▶ ACTION ITEM
The reply should contain every entry exactly as given, with no pictures in it.
(PROVIDED MATERIAL)
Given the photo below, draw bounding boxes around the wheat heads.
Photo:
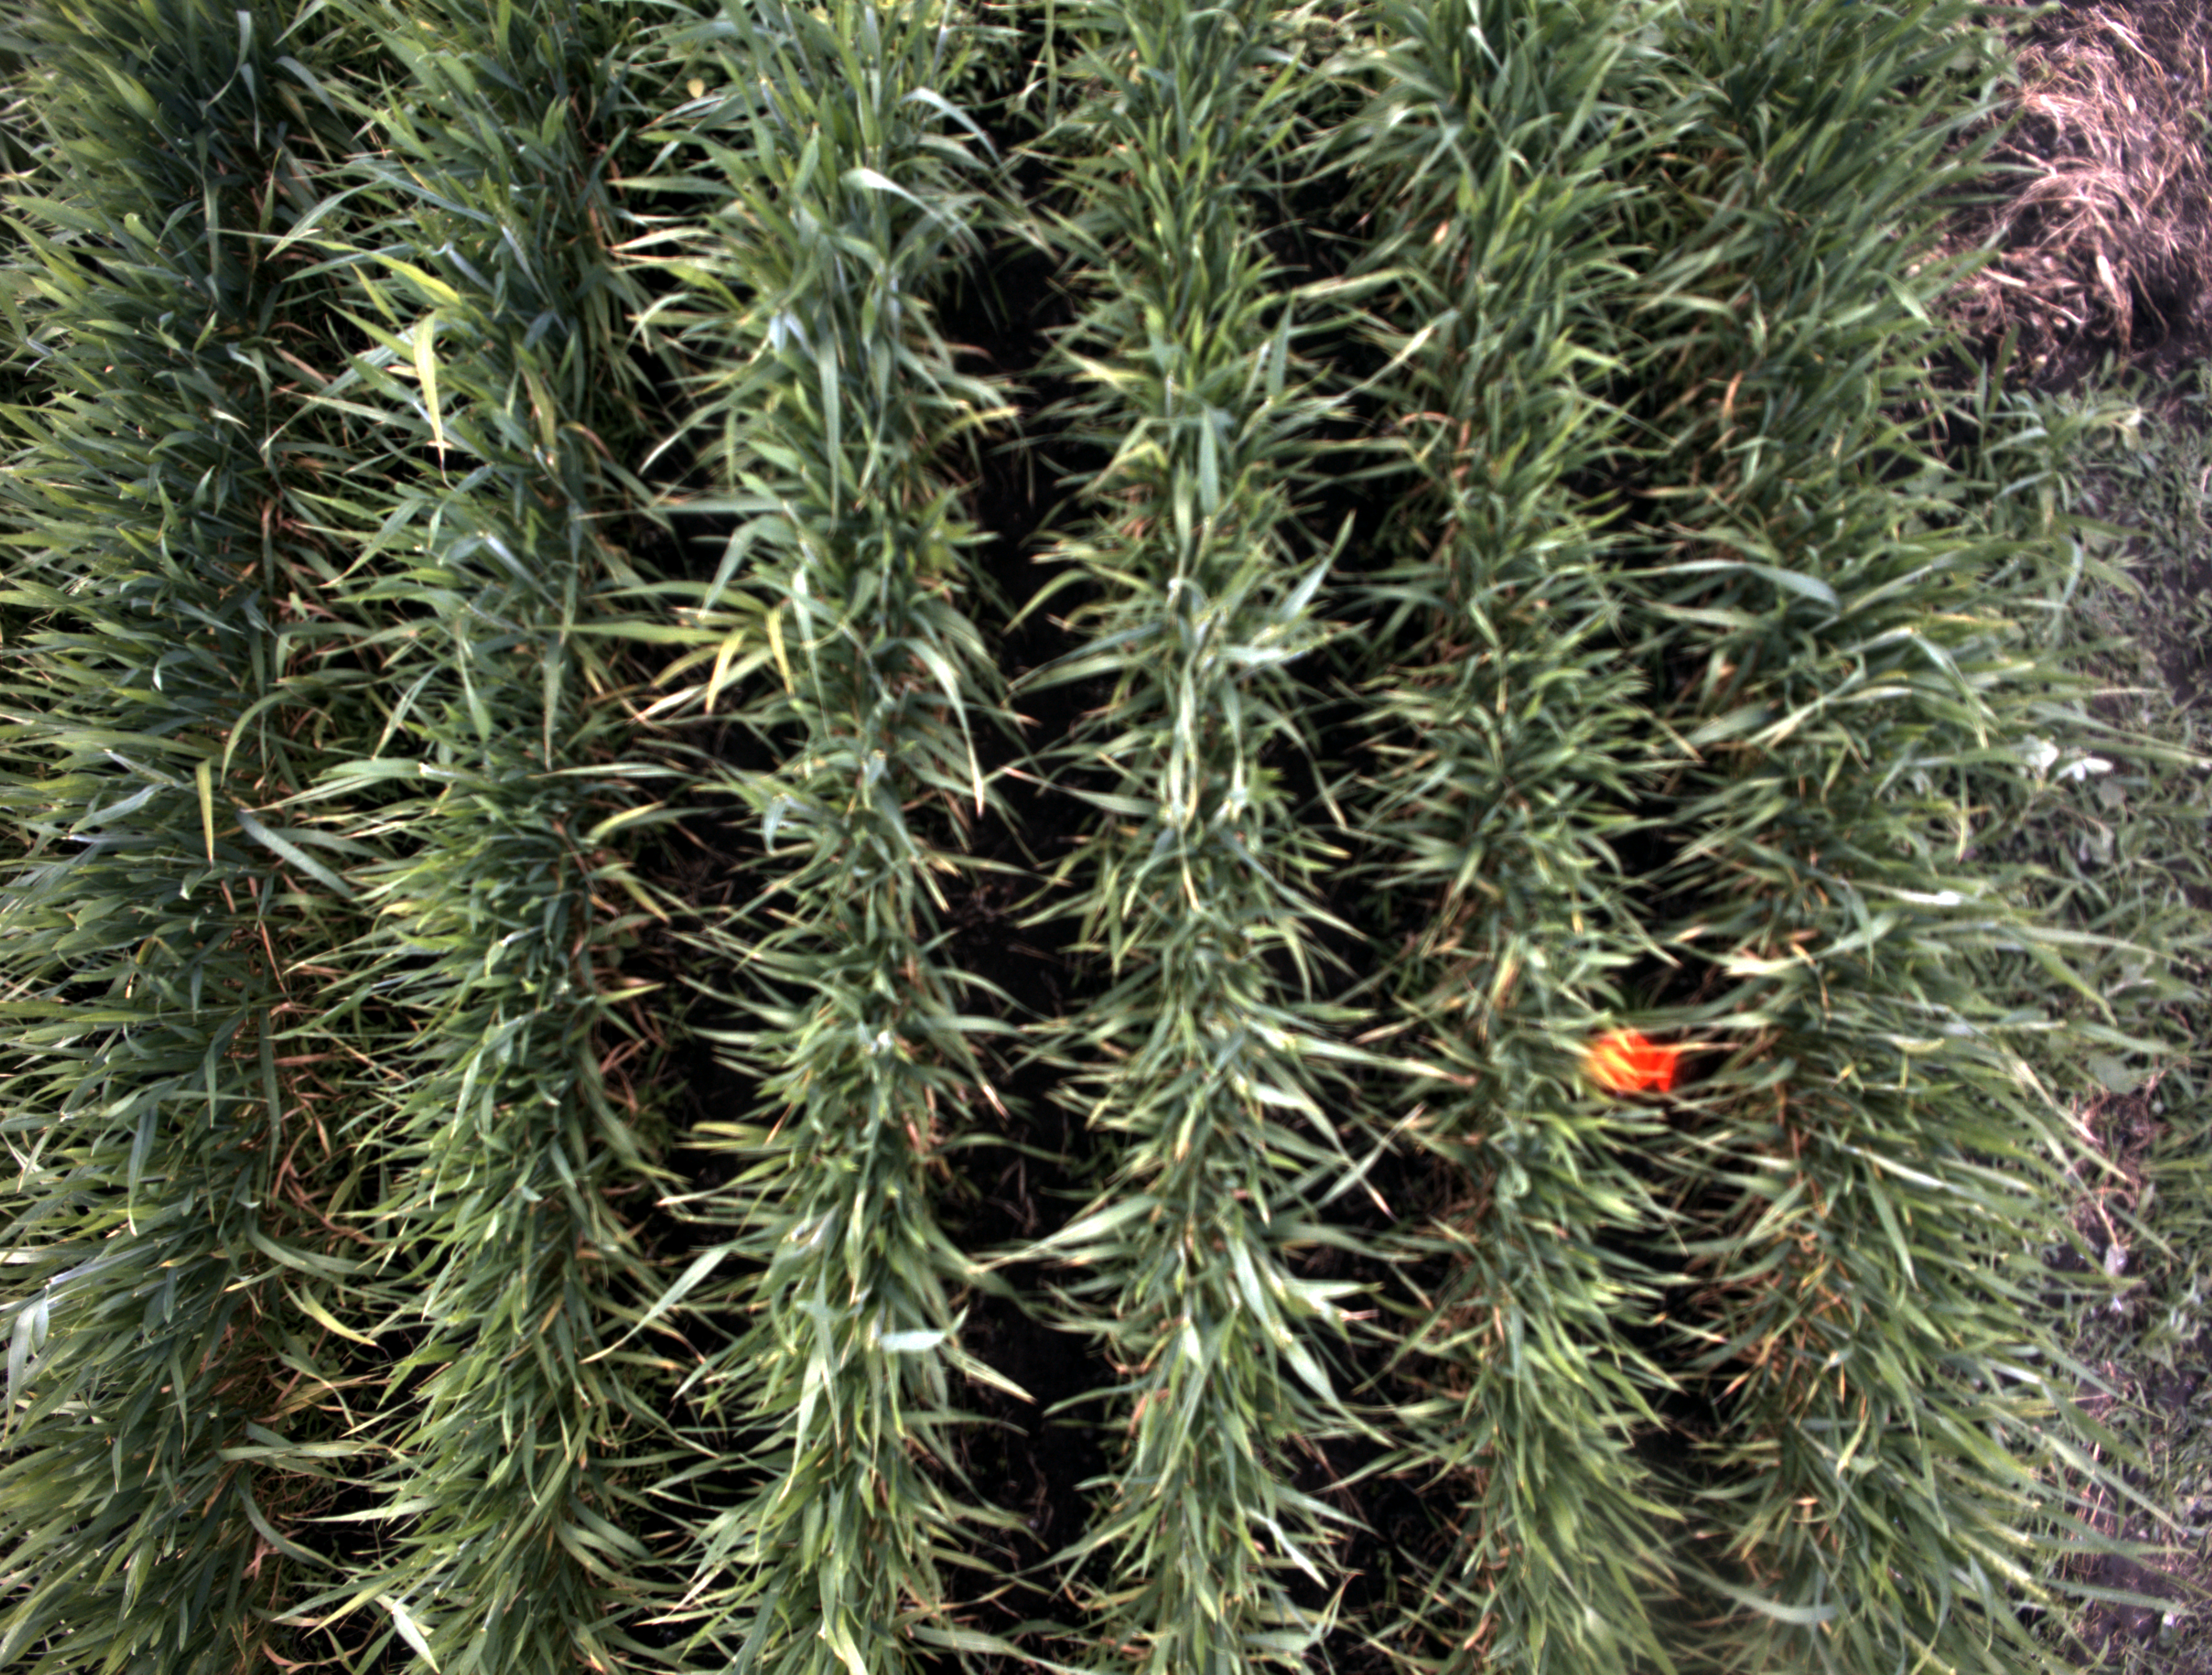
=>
[1978,1513,2038,1551]
[448,98,476,140]
[426,763,472,776]
[886,1306,896,1338]
[864,1315,879,1353]
[60,1102,115,1124]
[447,578,492,620]
[1241,398,1273,439]
[1966,1608,2064,1670]
[1885,159,1959,215]
[1901,1628,1953,1672]
[1205,1206,1233,1235]
[498,208,529,257]
[1957,1470,2041,1512]
[795,529,827,569]
[1203,1019,1229,1040]
[1268,1311,1289,1348]
[1958,1528,2050,1602]
[1979,1020,2070,1034]
[1168,367,1181,418]
[1245,835,1262,855]
[459,607,497,628]
[1499,719,1529,747]
[1201,513,1213,556]
[130,763,175,787]
(End PROVIDED MATERIAL)
▶ SOLUTION TO THE EXERCISE
Given the photo below, draw bounding boxes around the wheat heads.
Photo:
=>
[1978,1513,2038,1551]
[448,98,476,140]
[426,763,472,776]
[886,1306,896,1338]
[864,1315,879,1353]
[60,1102,115,1124]
[447,578,492,620]
[1241,398,1273,439]
[1966,1608,2064,1670]
[1885,159,1959,215]
[1901,1628,1953,1672]
[1205,1206,1233,1235]
[498,208,529,257]
[1957,1470,2041,1512]
[795,529,827,569]
[1203,1019,1229,1040]
[1268,1311,1289,1348]
[1958,1528,2050,1602]
[1979,1020,2070,1034]
[1168,367,1181,418]
[1245,835,1262,855]
[459,607,497,628]
[1499,719,1529,747]
[1201,513,1213,556]
[130,763,175,787]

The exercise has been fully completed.